- [ABOUT THIS EXERCISE] Here are some records. Copy each one exactly.

- [Stored data entries]
········

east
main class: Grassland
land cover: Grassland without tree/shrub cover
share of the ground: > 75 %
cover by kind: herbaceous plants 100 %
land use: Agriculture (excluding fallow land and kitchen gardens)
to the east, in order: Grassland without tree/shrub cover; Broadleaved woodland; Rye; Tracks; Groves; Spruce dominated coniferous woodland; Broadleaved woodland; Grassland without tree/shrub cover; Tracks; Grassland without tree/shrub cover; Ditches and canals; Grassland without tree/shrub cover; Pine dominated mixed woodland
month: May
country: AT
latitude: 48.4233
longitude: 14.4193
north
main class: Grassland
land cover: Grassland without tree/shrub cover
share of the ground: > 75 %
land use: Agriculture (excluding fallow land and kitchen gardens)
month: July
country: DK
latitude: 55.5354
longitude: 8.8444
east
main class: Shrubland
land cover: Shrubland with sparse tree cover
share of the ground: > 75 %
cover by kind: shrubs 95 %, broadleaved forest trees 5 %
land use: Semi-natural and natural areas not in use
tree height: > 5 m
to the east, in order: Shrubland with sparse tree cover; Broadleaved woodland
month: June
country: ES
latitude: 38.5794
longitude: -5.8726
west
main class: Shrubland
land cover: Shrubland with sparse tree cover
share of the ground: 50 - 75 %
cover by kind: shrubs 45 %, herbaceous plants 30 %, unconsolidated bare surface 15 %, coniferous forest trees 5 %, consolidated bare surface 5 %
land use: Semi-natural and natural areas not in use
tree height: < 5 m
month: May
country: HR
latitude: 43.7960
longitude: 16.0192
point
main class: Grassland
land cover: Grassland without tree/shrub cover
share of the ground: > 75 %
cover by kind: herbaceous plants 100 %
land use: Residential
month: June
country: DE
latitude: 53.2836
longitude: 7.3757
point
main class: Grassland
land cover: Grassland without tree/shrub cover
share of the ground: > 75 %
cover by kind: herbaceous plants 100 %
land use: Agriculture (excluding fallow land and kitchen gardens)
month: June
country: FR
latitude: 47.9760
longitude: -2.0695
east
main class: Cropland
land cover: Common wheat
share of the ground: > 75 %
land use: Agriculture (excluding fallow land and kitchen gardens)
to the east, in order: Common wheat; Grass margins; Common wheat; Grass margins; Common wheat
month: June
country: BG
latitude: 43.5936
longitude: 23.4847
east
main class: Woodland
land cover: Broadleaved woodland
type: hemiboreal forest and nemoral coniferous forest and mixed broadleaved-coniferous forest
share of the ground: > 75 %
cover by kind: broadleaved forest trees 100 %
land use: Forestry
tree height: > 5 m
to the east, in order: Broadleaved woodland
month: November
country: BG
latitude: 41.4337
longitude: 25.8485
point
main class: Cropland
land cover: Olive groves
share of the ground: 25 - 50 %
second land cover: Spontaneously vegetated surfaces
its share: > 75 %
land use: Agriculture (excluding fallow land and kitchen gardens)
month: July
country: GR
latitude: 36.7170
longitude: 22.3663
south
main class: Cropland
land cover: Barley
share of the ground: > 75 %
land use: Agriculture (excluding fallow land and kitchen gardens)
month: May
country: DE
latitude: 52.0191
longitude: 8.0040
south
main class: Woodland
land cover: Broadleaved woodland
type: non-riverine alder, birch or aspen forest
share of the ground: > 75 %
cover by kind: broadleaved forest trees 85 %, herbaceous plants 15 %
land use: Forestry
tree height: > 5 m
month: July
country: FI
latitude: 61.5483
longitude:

········

- [SOLVED EXERCISE]
east
main class: Grassland
land cover: Grassland without tree/shrub cover
share of the ground: > 75 %
cover by kind: herbaceous plants 100 %
land use: Agriculture (excluding fallow land and kitchen gardens)
to the east, in order: Grassland without tree/shrub cover; Broadleaved woodland; Rye; Tracks; Groves; Spruce dominated coniferous woodland; Broadleaved woodland; Grassland without tree/shrub cover; Tracks; Grassland without tree/shrub cover; Ditches and canals; Grassland without tree/shrub cover; Pine dominated mixed woodland
month: May
country: AT
latitude: 48.4233
longitude: 14.4193
north
main class: Grassland
land cover: Grassland without tree/shrub cover
share of the ground: > 75 %
land use: Agriculture (excluding fallow land and kitchen gardens)
month: July
country: DK
latitude: 55.5354
longitude: 8.8444
east
main class: Shrubland
land cover: Shrubland with sparse tree cover
share of the ground: > 75 %
cover by kind: shrubs 95 %, broadleaved forest trees 5 %
land use: Semi-natural and natural areas not in use
tree height: > 5 m
to the east, in order: Shrubland with sparse tree cover; Broadleaved woodland
month: June
country: ES
latitude: 38.5794
longitude: -5.8726
west
main class: Shrubland
land cover: Shrubland with sparse tree cover
share of the ground: 50 - 75 %
cover by kind: shrubs 45 %, herbaceous plants 30 %, unconsolidated bare surface 15 %, coniferous forest trees 5 %, consolidated bare surface 5 %
land use: Semi-natural and natural areas not in use
tree height: < 5 m
month: May
country: HR
latitude: 43.7960
longitude: 16.0192
point
main class: Grassland
land cover: Grassland without tree/shrub cover
share of the ground: > 75 %
cover by kind: herbaceous plants 100 %
land use: Residential
month: June
country: DE
latitude: 53.2836
longitude: 7.3757
point
main class: Grassland
land cover: Grassland without tree/shrub cover
share of the ground: > 75 %
cover by kind: herbaceous plants 100 %
land use: Agriculture (excluding fallow land and kitchen gardens)
month: June
country: FR
latitude: 47.9760
longitude: -2.0695
east
main class: Cropland
land cover: Common wheat
share of the ground: > 75 %
land use: Agriculture (excluding fallow land and kitchen gardens)
to the east, in order: Common wheat; Grass margins; Common wheat; Grass margins; Common wheat
month: June
country: BG
latitude: 43.5936
longitude: 23.4847
east
main class: Woodland
land cover: Broadleaved woodland
type: hemiboreal forest and nemoral coniferous forest and mixed broadleaved-coniferous forest
share of the ground: > 75 %
cover by kind: broadleaved forest trees 100 %
land use: Forestry
tree height: > 5 m
to the east, in order: Broadleaved woodland
month: November
country: BG
latitude: 41.4337
longitude: 25.8485
point
main class: Cropland
land cover: Olive groves
share of the ground: 25 - 50 %
second land cover: Spontaneously vegetated surfaces
its share: > 75 %
land use: Agriculture (excluding fallow land and kitchen gardens)
month: July
country: GR
latitude: 36.7170
longitude: 22.3663
south
main class: Cropland
land cover: Barley
share of the ground: > 75 %
land use: Agriculture (excluding fallow land and kitchen gardens)
month: May
country: DE
latitude: 52.0191
longitude: 8.0040
south
main class: Woodland
land cover: Broadleaved woodland
type: non-riverine alder, birch or aspen forest
share of the ground: > 75 %
cover by kind: broadleaved forest trees 85 %, herbaceous plants 15 %
land use: Forestry
tree height: > 5 m
month: July
country: FI
latitude: 61.5483
longitude:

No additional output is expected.